Great American Outpost: Fortune, Freedom, and Madness in the North Dakota Oilfield
- readstoomuch3
- Nov 21, 2017
- 2 min read

I received a DIGITAL Advance Reader Copy of this book from #NetGalley in exchange for an honest review. From the publisher - The story of the twenty-first-century gold rush to the gas and oil fields of North Dakota--and of the migrants, criminals, and oil barons willing to do whatever it takes to cash in The word was that you could earn $17,000 a month in the Bakken Oil Field of North Dakota. So they flooded in: the pioneers, outcasts, dreamers, failures, drifters, deadbeats, profiteers, and felons. And so did Maya Rao, a journalist from neighboring Minnesota who in 2015 embedded herself in the surreal new American frontier. With an eye for the dark, humorous, and absurd, Rao set out in steel-toe boots to chronicle the largest oil boom since the 1968 discovery of oil in Prudhoe Bay, Alaska, reporting from truck stops, oil tanks, and North Dakota bars. Part Barbara Ehrenreich, part Upton Sinclair, this is an on-the-ground narrative of capitalism and industrialization as a rural, insular community transformed into a colony of outsiders hustling for profit--a sobering exploration of twenty-first-century America that reads like a frontier novel.

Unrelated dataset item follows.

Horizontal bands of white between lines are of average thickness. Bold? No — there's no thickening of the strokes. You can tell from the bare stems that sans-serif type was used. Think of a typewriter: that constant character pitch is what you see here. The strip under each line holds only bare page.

I have family that moved to North Dakota in search of the dream, much like those who went to the Yukon Goldrush and the Goldrush in California --- all hoping to become million/billionaires just like that family in the (awful) TV show "Oil". The oil is there as is everyone trying to make money off of the workers --- many live in drafty, cold, FEMA-like trailers and are bombarded with high prices everywhere around them from everything to the grocery store to the prostitutes. BUT THEY CAN AFFORD IT.
This is not "new news" -- just ask anyone who lives in Fort McMurray, Alberta (Canada) and has these problems around them ... young men making money hand over fist and very little to do but drink and watch strippers there to make THEIR fortune.
Greed is not always good and Maya Rao, the author, brings that out in a wonderfully written book that at times made me shake my head and wonder if it was actually a novel I was reading. Five stars for sure!!!